### AIM OF THE TASK
Would you retype, word for word, the line with "This frame arrived 4.6 s after image 1." and each line after it to the end of the entries below, leaving the pictures out?

### RECORD EXTRACTS
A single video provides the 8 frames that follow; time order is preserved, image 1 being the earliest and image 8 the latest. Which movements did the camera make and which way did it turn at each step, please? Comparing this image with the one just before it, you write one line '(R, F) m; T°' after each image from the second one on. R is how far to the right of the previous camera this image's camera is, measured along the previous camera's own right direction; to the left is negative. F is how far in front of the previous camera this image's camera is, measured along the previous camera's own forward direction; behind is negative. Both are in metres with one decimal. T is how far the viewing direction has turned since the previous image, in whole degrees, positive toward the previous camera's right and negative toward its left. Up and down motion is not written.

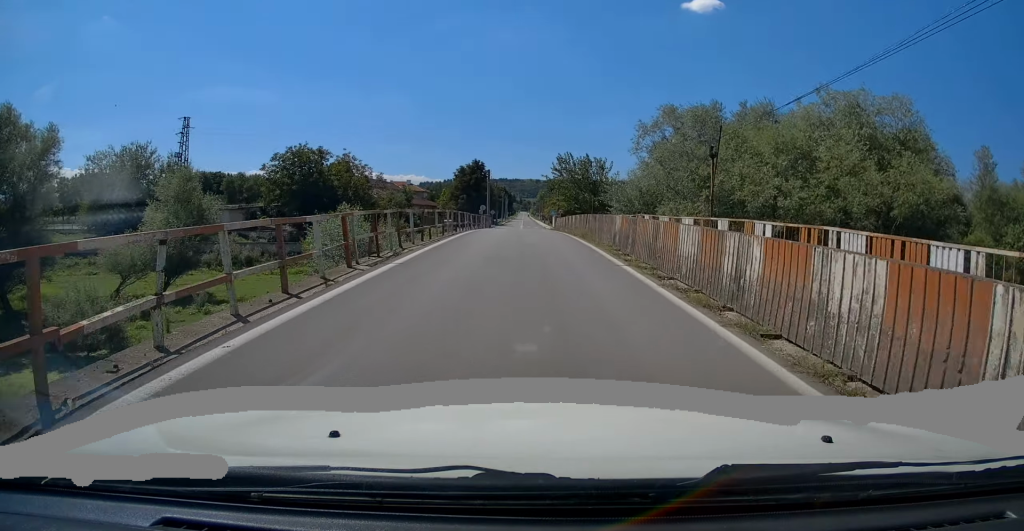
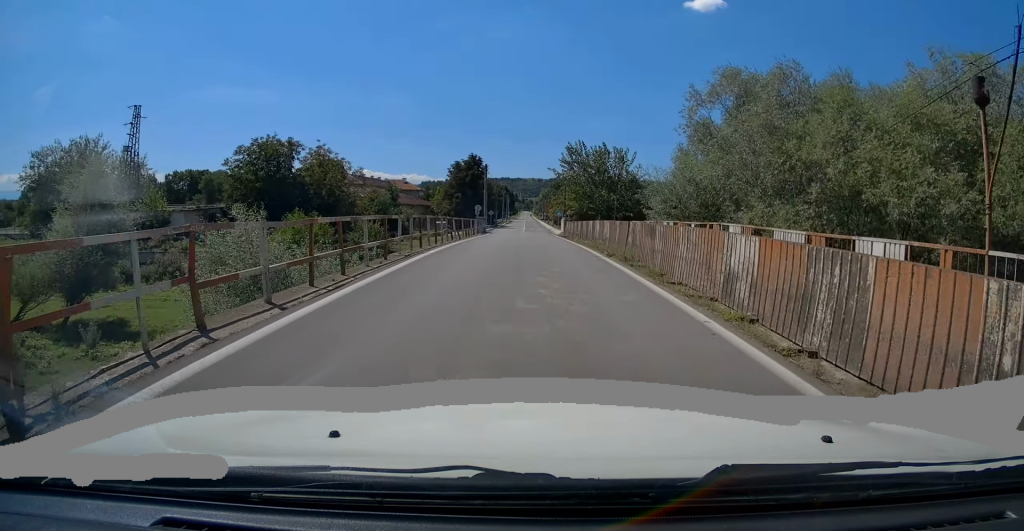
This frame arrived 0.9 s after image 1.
(0.0, +9.9) m; 0°
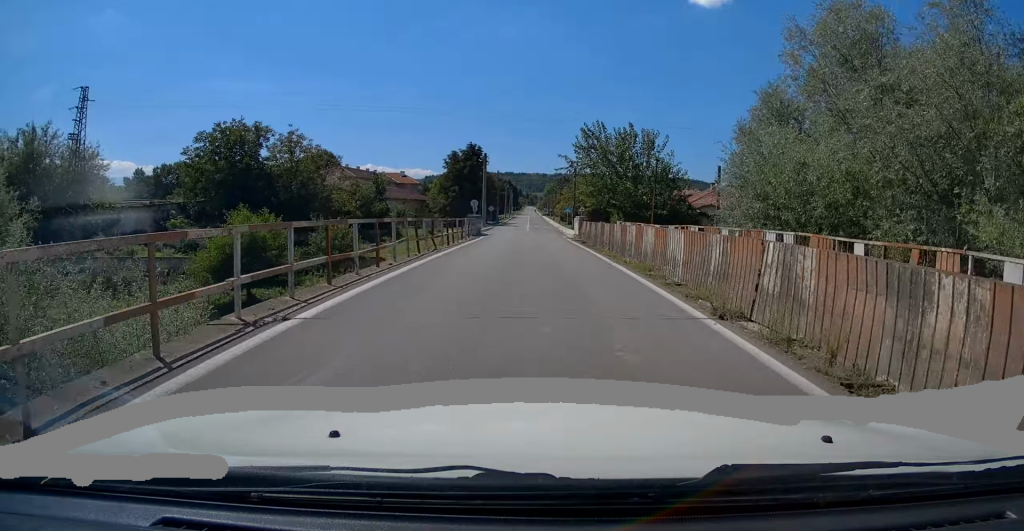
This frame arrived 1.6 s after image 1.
(0.0, +8.8) m; 0°
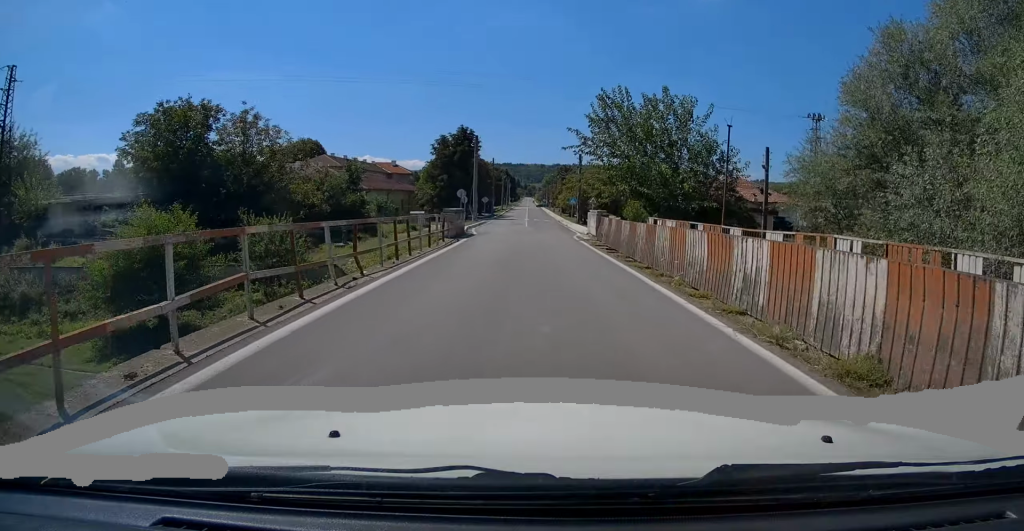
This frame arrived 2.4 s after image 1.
(0.0, +8.8) m; 0°
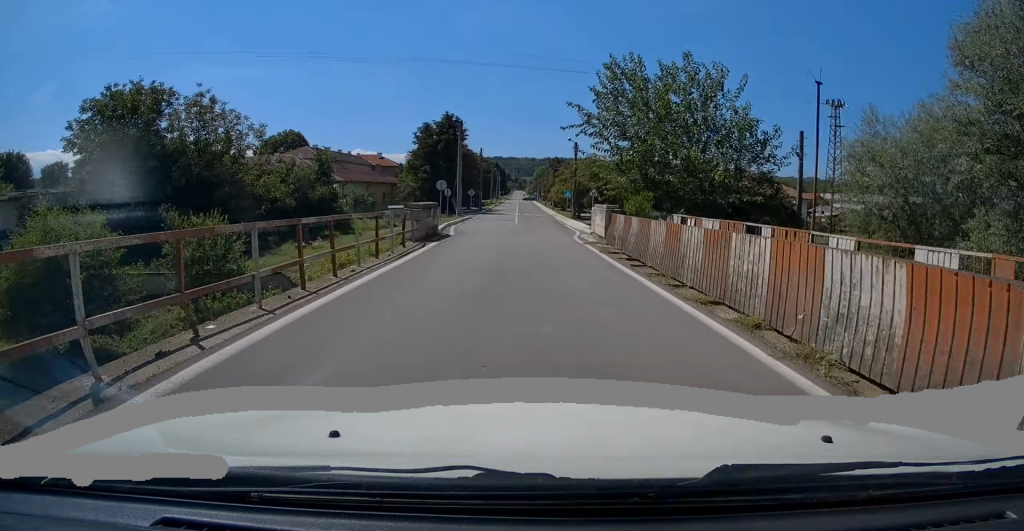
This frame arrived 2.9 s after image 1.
(0.0, +5.4) m; 0°
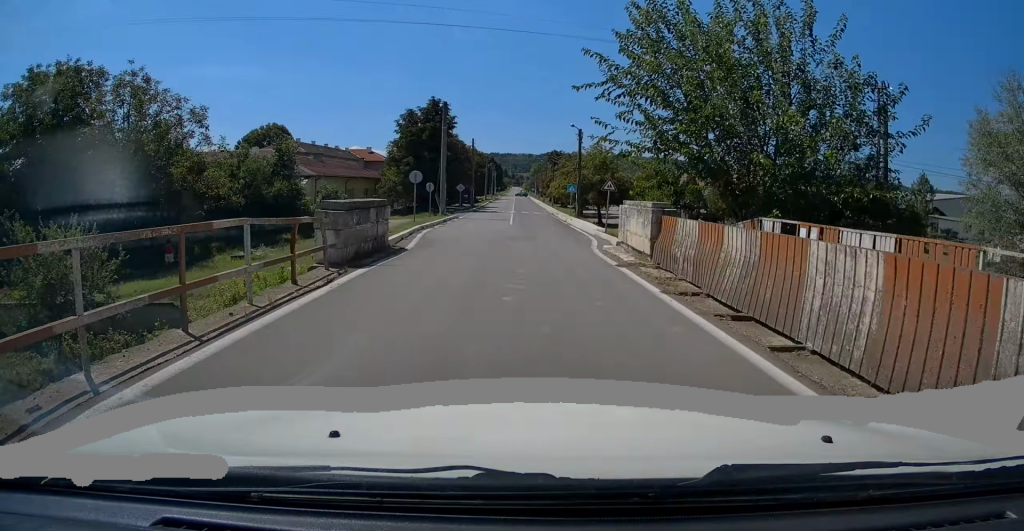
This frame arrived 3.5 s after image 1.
(0.0, +7.4) m; 0°
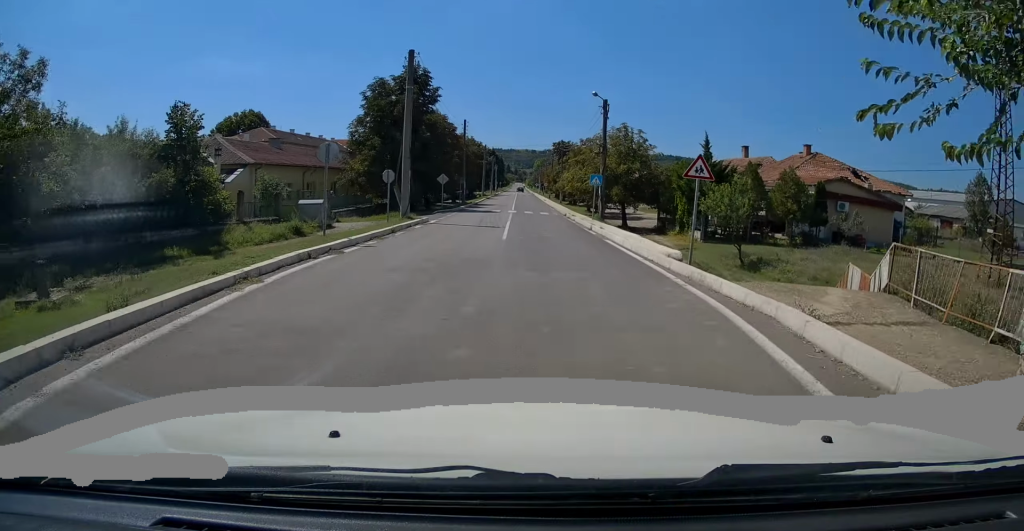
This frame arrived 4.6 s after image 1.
(0.0, +13.3) m; 0°
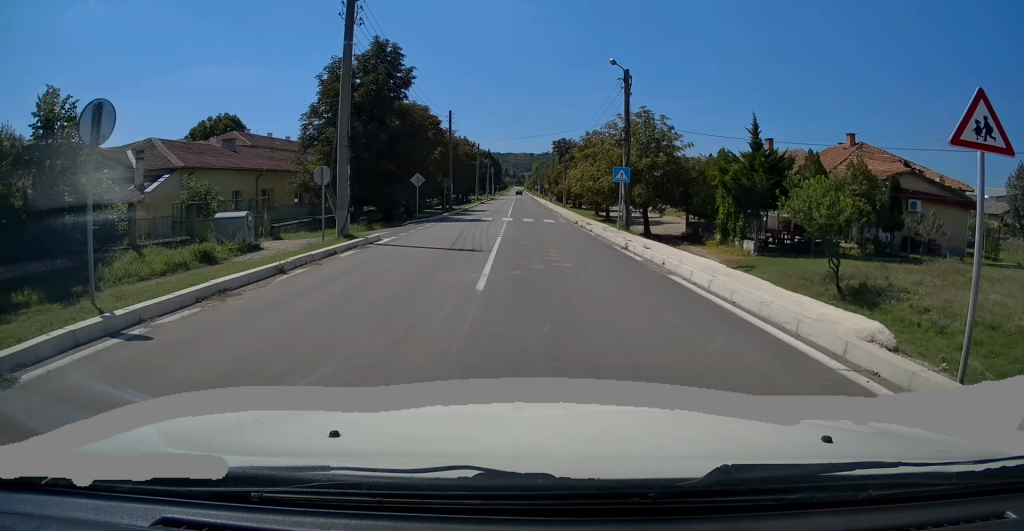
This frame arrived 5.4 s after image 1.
(0.0, +8.9) m; 0°

### RESULT FOR THIS TASK
This frame arrived 4.6 s after image 1.
(0.0, +13.3) m; 0°
This frame arrived 5.4 s after image 1.
(0.0, +8.9) m; 0°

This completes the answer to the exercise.